Now he should replace them. If the Catholic reformation is to start anywhere, it might as well be here.

Feast of Saint Albert the Great

Bishop of Regensburg, which we all know for something else now.

Pope Benedict on St. Jerome

Continuation of his catechesis on the Fathers, from Asia News Italy:

 The figure of St Jerome, was instead at the centre of his discourse to over 20 thousand pilgrims in St Peter’s square, despite the cold and threat of rain.  Today the Pope underlined the instead of education to responsibility, central to the teachings and example of the Saint, declared “eminent doctor of the Church” by Benedict XV, for his interpretations of scripture. An education to responsibility “before God and before man is the true condition for progress, peace and reconciliation and as a result the exclusion of violence”.

Love for Sacred scripture, the need for coherence between life and faith, especially for “preachers” so that they may not become like “that master who with a full stomach preaches of fasting”, the need for personal formation, from early childhood and for communion with the pope.  These are just some of the factors which St Jerome urged – to whom pope Benedict already dedicated last weeks catechesis – together with “the importance of a broad and disciplined Christian education for the young, including women”- quite unexpected in ancient times.

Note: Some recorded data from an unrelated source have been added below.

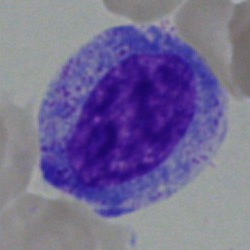 Specimen: bone marrow aspirate smear.
Classification: progranulocyte.
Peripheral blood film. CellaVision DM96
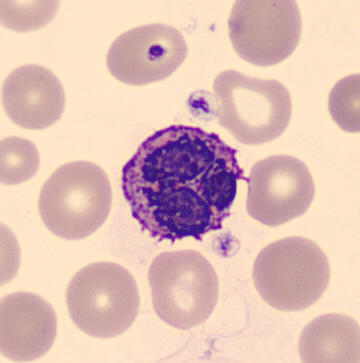Morphology consistent with a basophil.
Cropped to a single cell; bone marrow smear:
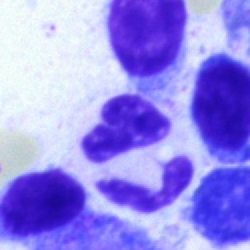

A polymorphonuclear neutrophil.
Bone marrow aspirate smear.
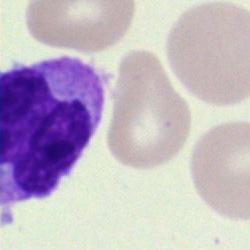

{"cell_type": "monocyte", "lineage": "myeloid"}
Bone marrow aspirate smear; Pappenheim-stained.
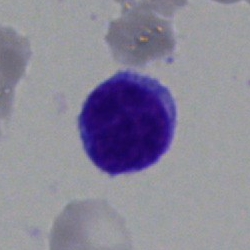
Cell — typical lymphocyte.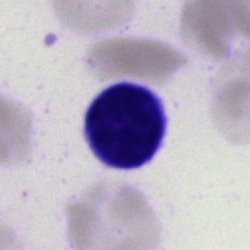 Typical lymphocyte.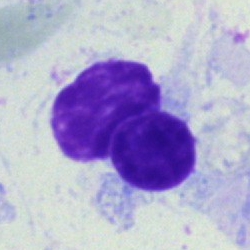 Bone marrow smear showing a typical lymphocyte.
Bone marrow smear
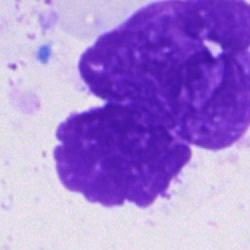 Q: What is shown here?
A: This is an artefact.
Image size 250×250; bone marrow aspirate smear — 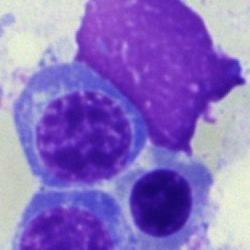
The cell type is erythroblast.
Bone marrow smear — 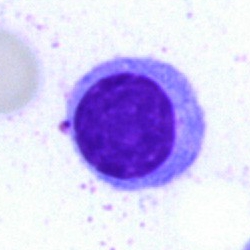Specimen: bone marrow aspirate smear.
Cell type: normoblast.
Lineage: erythroid.
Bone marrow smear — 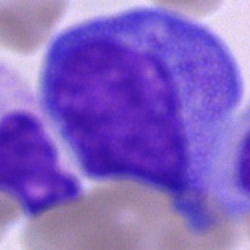Single cell identified as a promyelocyte.

For St. Jerome “familiarising oneself with biblical texts above all the New Testament is essential for the believer, because ignoring the Sacred Scripture means ignoring Christ”. “Truly enamoured with the Word of God he would ask how one could live without the scriptures”, without the Bible “which is the source of  Christian life, for every person in every situation”.  It means “conversing with God”.  Its study and meditation “makes man wise and serene”.

At the same time it is our duty to  “unite our lives with the Word of God”.  Coherence “is necessary for each and every Christian and particularly for those who preach so that their actions do not undermine their words or embarrass them”.  As is the case with “that master who with a full stomach preaches of fasting”.